Muy pronto, los ultraístas españoles iban a contar con algunos «reclutas» latinoamericanos entonces afincados en Madrid, en su mayoría pombianos, entre los que destacan el ya citado Jorge Luis Borges (que siempre reconocería el papel clave que en su formación tuvo Cansinos) y su hermana la pintora y grabadora Norah Borges, que se casaría con el también mencionado Guillermo de Torre; el uruguayo Rafael Barradas, colega de la anterior; y otro chileno, el poeta y narrador Joaquín Edwards Bello, cuya vida ha novelizado su pariente Jorge Edwards en El inútil de la familia. En sus revistas, los ultraístas acogieron además creaciones del mexicano José Juan Tablada o del ecuatoriano Hugo Mayo.
Larrea, precisamente, establecería años más tarde un sugerente paralelismo entre Huidobro, y otro grande de la poesía, desaparecido en 1916, Rubén Darío, en la medida en que este fue, dentro de su generación, el gran introductor de las novedades francesas, y principalmente de los parnasianos y los simbolistas, a muchos de los cuales trató en París, en las letras hispánicas. El paralelismo sería perfecto si el nicaragüense hubiera escrito el libro fundacional del modernismo, Azul, en francés, y lo hubiera titulado Bleu.

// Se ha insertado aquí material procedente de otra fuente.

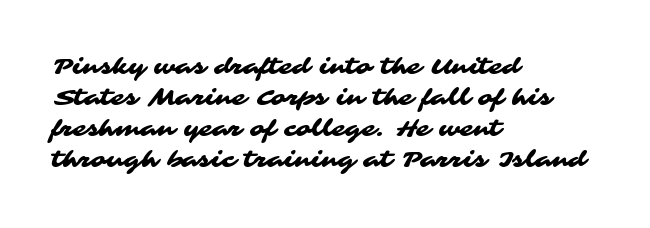
In CSS terms this would be text-align: left. Type without underlining. Does the leading feel generous? No, just average. Does extra space separate the letters? No, they use regular spacing.
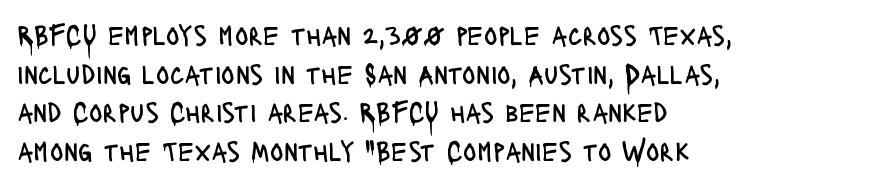
{"serif": "no", "italic": "no", "bold": "no", "weight": "regular", "width": "condensed", "stroke_contrast": "low", "x_height": "large", "monospaced": "no", "underline": "no", "align": "left", "line_spacing": "normal", "line_spacing_ratio": 1.38, "letter_spacing": "normal", "letter_spacing_em": 0.0, "glyph_px": 28}

Larrea y su entonces íntimo amigo Gerardo Diego fueron dos de los jóvenes poetas españoles que más aprendieron de Huidobro, al que, a diferencia de otros, ambos siempre serían fieles. Larrea, otro que vivió mucho tiempo en París, imitaría a Huidobro en su afrancesamiento, que no es el afrancesamiento filosófico y político de nuestros ilustrados del xviii, sino que consiste en la elección del francés como lingua franca de la poesía de vanguardia. En su caso, además, sería decisivo su encuentro con César Vallejo, su compañero, en 1926, en la aventura de la revista Favorable París Poema. Por inflyencia de su amigo, Larrea pasó luego varios años en Perú, de donde se trajo una importante colección de piezas prehispánicas, que serían expuestas en Madrid y Sevilla, que donaría al pueblo español durante la Guerra Civil, y que hoy pueden contemplarse en el madrileño Museo de América.
En 1918, es decir un año antes del que estamos evocando, precisamente en la Córdoba argentina se iniciaba, con un famoso «grito», y por iniciativa entre otros de Deodoro Roca, el movimiento de la Reforma Universitaria, entre cuyos referentes importantes estaba nuestro Miguel de Unamuno, entonces rector de la Universidad de Salamanca. Movimiento que pronto se extendería a todo el continente.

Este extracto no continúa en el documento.